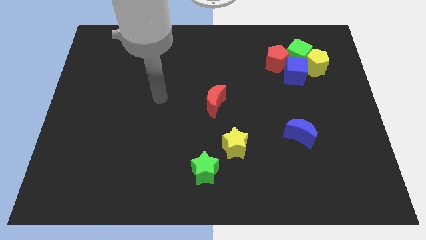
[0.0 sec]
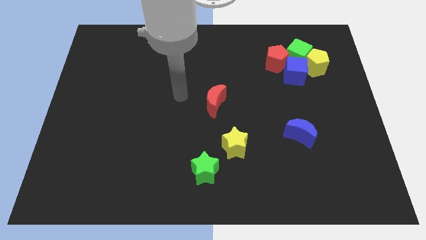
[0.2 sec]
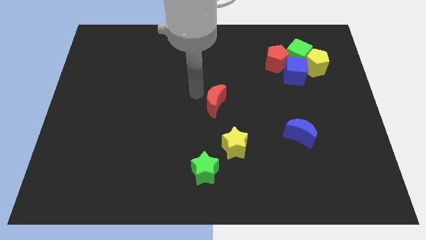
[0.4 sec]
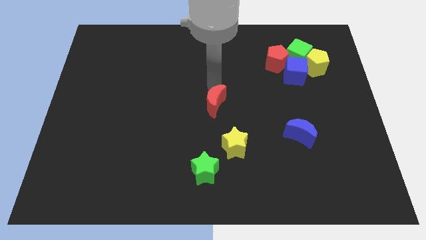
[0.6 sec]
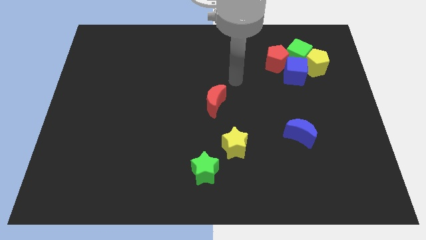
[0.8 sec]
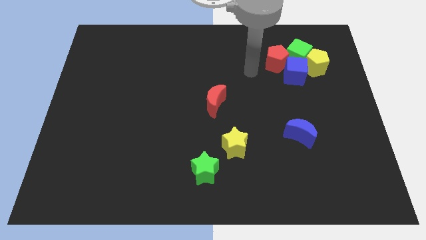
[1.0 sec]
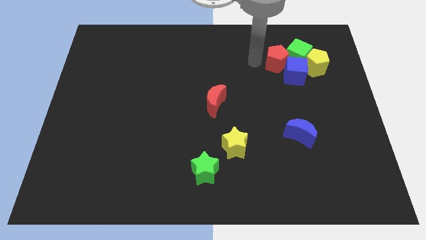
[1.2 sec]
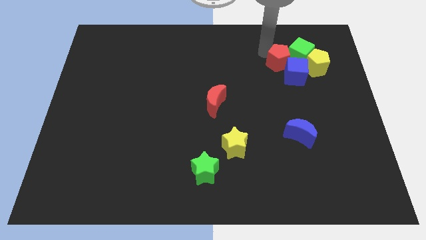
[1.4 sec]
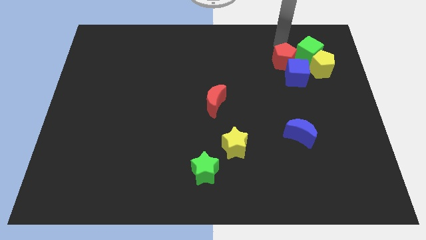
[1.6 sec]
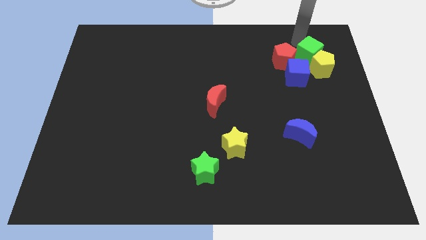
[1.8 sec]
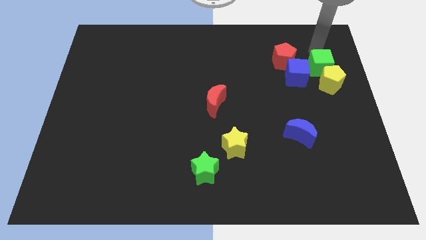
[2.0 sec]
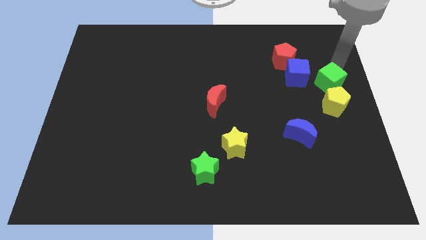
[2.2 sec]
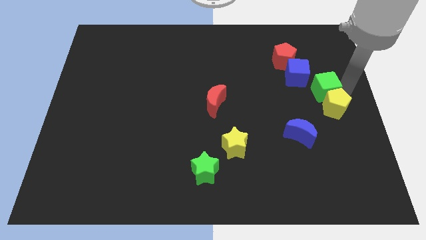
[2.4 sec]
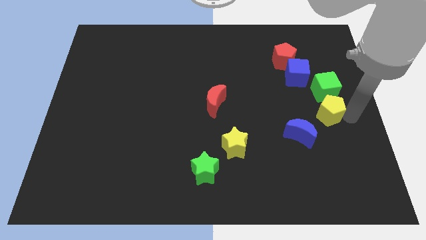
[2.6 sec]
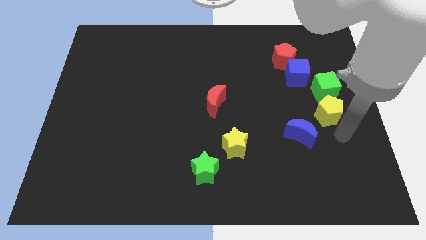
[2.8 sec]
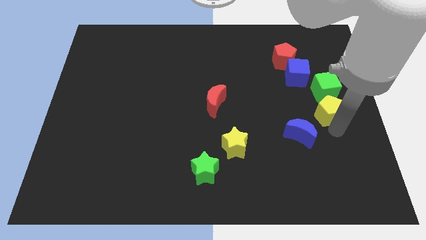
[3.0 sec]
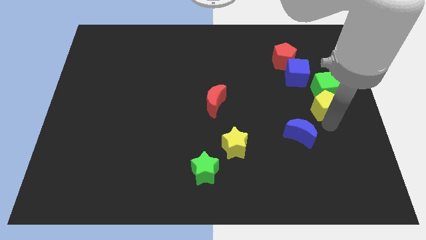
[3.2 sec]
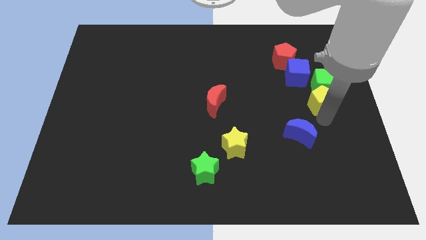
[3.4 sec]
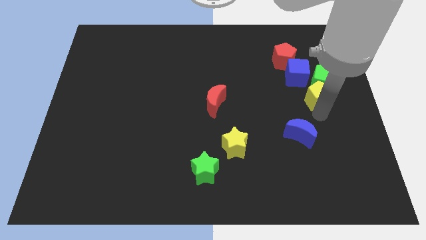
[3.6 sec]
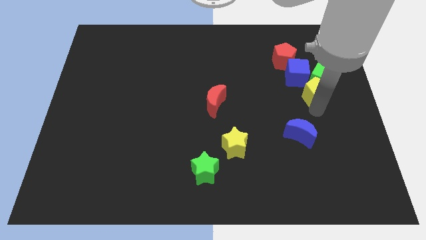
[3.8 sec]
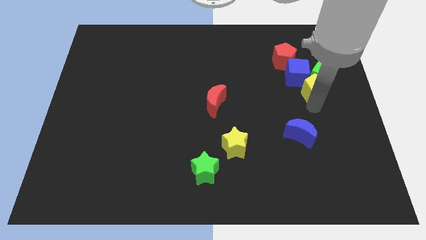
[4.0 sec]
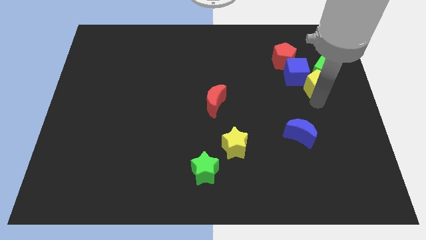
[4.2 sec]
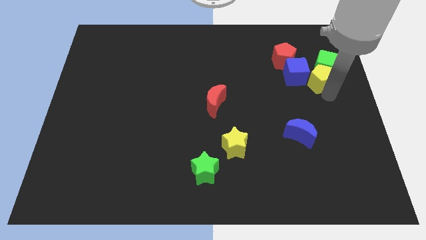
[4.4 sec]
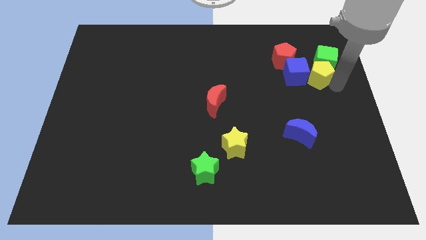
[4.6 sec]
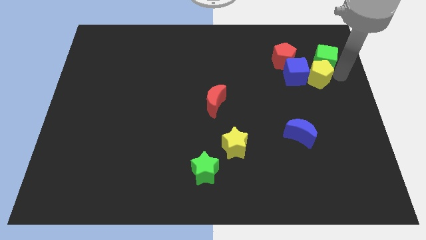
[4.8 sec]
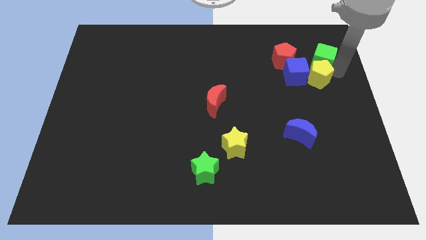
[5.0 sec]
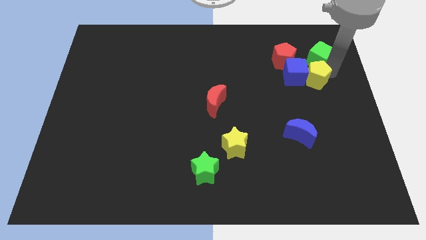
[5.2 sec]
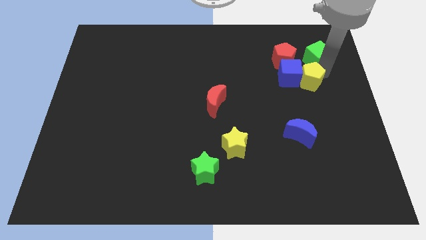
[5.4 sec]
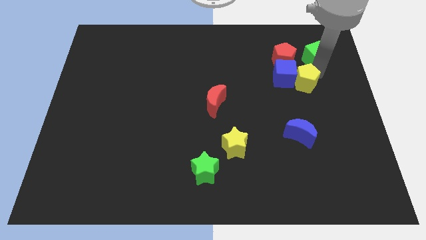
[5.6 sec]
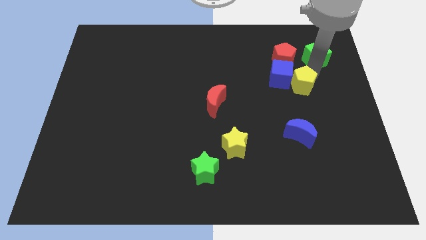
════════════════════
Word for word, restate all of the material, omitting the images.

**Your response**
[0.0 sec]
[0.2 sec]
[0.4 sec]
[0.6 sec]
[0.8 sec]
[1.0 sec]
[1.2 sec]
[1.4 sec]
[1.6 sec]
[1.8 sec]
[2.0 sec]
[2.2 sec]
[2.4 sec]
[2.6 sec]
[2.8 sec]
[3.0 sec]
[3.2 sec]
[3.4 sec]
[3.6 sec]
[3.8 sec]
[4.0 sec]
[4.2 sec]
[4.4 sec]
[4.6 sec]
[4.8 sec]
[5.0 sec]
[5.2 sec]
[5.4 sec]
[5.6 sec]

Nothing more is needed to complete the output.